Wednesday, 30 May 2012

Patriarchaic

The other day MsP asked why Siri had to be female. I didn't say so at the time, because I'm easily distracted, but I imagine it is something to do with the fact that many men (if no longer the majority consumers of iPhones, I would be willing to guess still the majority producers) still see women as providing their 'support' role. Traditionally this 'support' role has meant feeding, clothing and organising the life of a man, so that he can do pretty much what he likes and designate it as important. Obviously the 'pretty much what he likes' bit was not quite so free and easy when jobs involved greater manual labour, but since the middle class emerged and the vast majority of jobs became devoid of any kind of manual labour, men have had to pretend that their 'work' is in some way special in order to sustain the system of surrogate mothering that they appear to expect from the opposite sex. I am not saying that men are alone in perpetuating their infantile state: too many women support it too, perhaps fearful that telling men to grow up will brand them as man-haters - or any of the other childish epithets men ascribe to people who don't let them get their own way. However trying to blame women for the failings of men is exactly the kind of feeble excuse men hide behind.
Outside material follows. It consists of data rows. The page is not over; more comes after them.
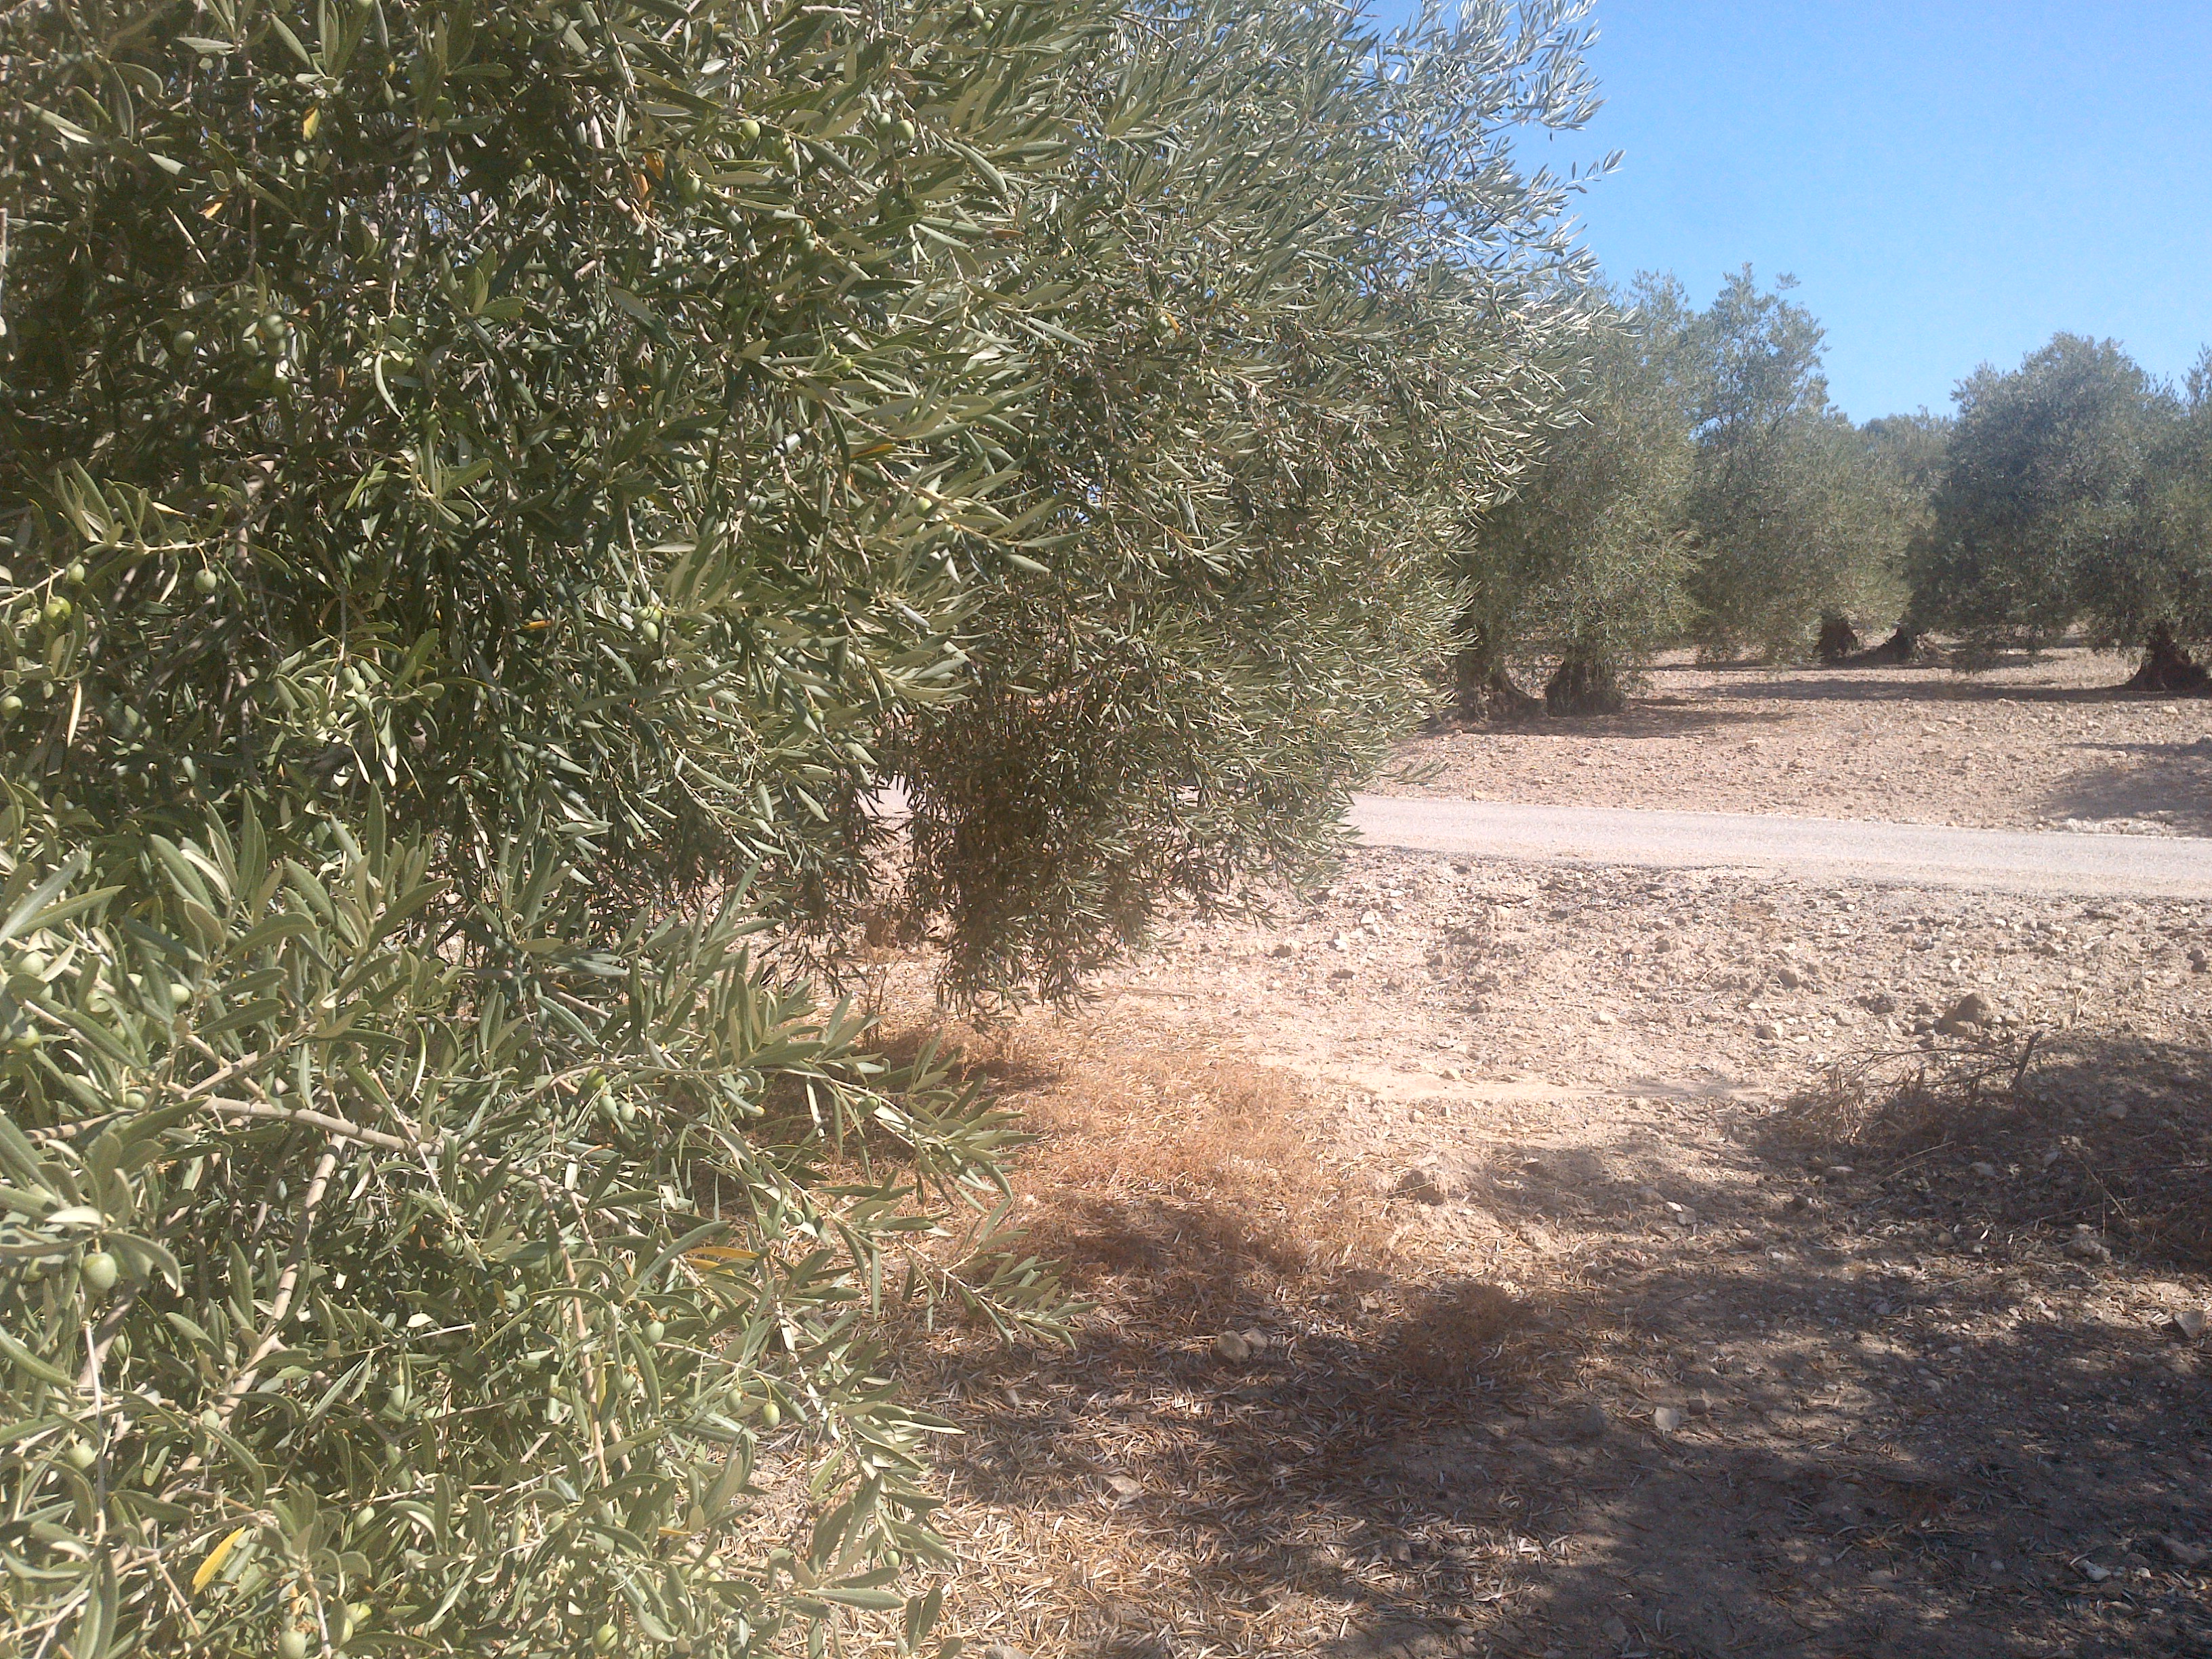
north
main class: Cropland
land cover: Olive groves
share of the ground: 50 - 75 %
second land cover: Other bare soil
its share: > 75 %
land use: Agriculture (excluding fallow land and kitchen gardens)
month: July
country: ES
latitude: 37.4041
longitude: -4.8400
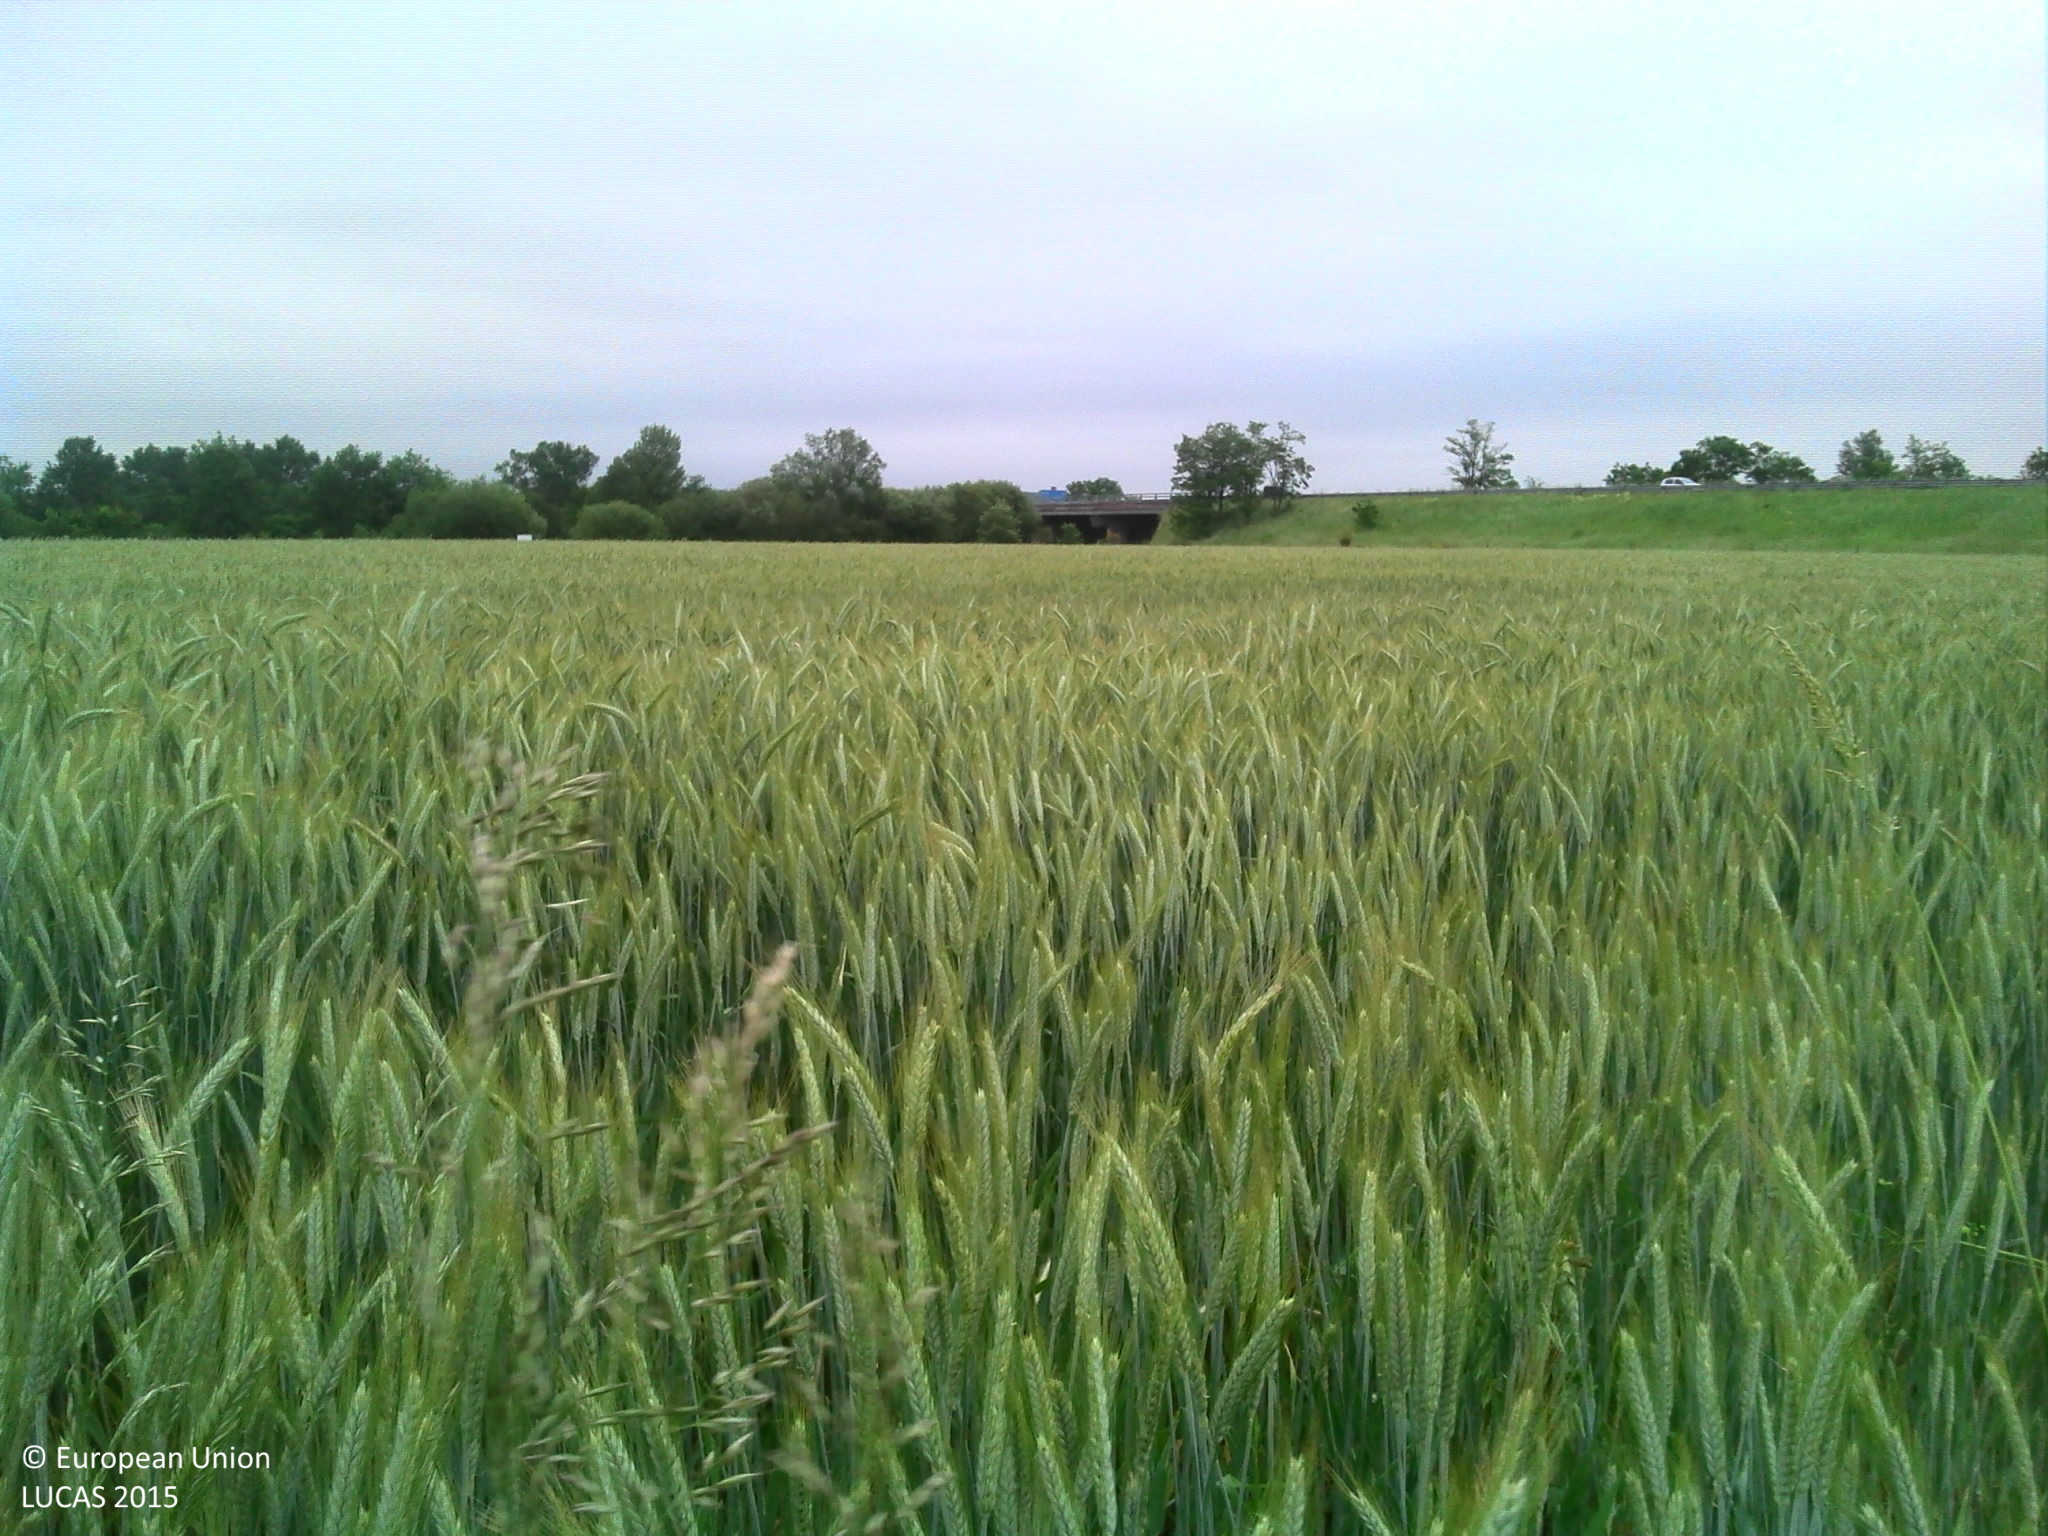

There appear to have been a number of articles and even books recently that stitch together isolated incidents of discrimination by women against men and some observations about the impact that increasing sexual equality has had on the areas of life that men used to be able to rely on (not having to wash up, not having to help with the children, not being prosecuted for beating their wives, etc.) in an attempt to show that the pendulum has swung too far the other way. So just to clarify, they're saying that a shift towards a slightly more equal society has led to discrimination against men. Although, reading between the lines I think they might just be whinging that taking a bit of responsibility for one's life and one's actions is hard. Didums. For want of a better phrase, the only response I can find is 'man up!' And I don't mean 'man up' in the sense of 'do something spectacularly dangerous and/or stupid and, if you survive, brag about it afterwards'.
Unfortunately the people presented as male role models are all too often the kinds of people who can only celebrate their success due to some spectacular gamble having paid off. With hindsight it is easy too see their recklessness as strategy because it paid off. The countless other people who have pursued such 'strategies' and failed/died in the process don't get to write history and so do not appear on our radar. Men have therefore assumed that recklessness is the key to a fulfilling life and for centuries have been playing a kind of Darwinian lottery based on this assumption. I'm not saying that we should live a life devoid of risk - life is a series of calculated risks - I am simply saying that the (largely male) attitude to measuring risk and return should be reconsidered. Financial products always state that past performance is no indicator of future performance, yet the men who run those products take the exact opposite approach to risk: considering that a risk that has paid off in the past must therefore do so again, and to think otherwise would be in some way 'un-manly'. The implicit complaint is that mitigating risk by exercising due caution is boring. The only response to this I can think of is 'grow up'.
This is, of course, unlikely. Every generation since X has systematically failed to grow up, hence why we spend most of our spare time at festivals, or in the pub, or playing computer games, or at least we would if our responsibilities didn't get in the way. Many men tend to associate such responsibilities with their partners, and so the lingua franca of such men when away from their partners becomes utterly objectionable. Phrases such as "night off from the missus" or "free pass" portray the other (usually female) partner as undesirable and reinforce the gender roles as a direct male/female child/parent dichotomy. This is not healthy, either for the relationship or the general wellbeing of society. It creates schizophrenic behavior in that these infantile men, who effectively only behave when with their wife/mother substitute, yearn to get away and misbehave.
As usual, I am not solely an impartial observer of this condition: I have on occasion been guilty of using MsP as a kind of pressure valve for my worst excesses, knowing that her reason will eventually assert itself. By doing so, I inevitably paint her as the 'boring' one, creating resentment on her part and adding an element of dysfunction into our relationship. I am genuinely trying to mitigate this behavior by setting my own boundaries and sticking to them. Most importantly, I need to remember that this doesn't make me boring. Just an adult.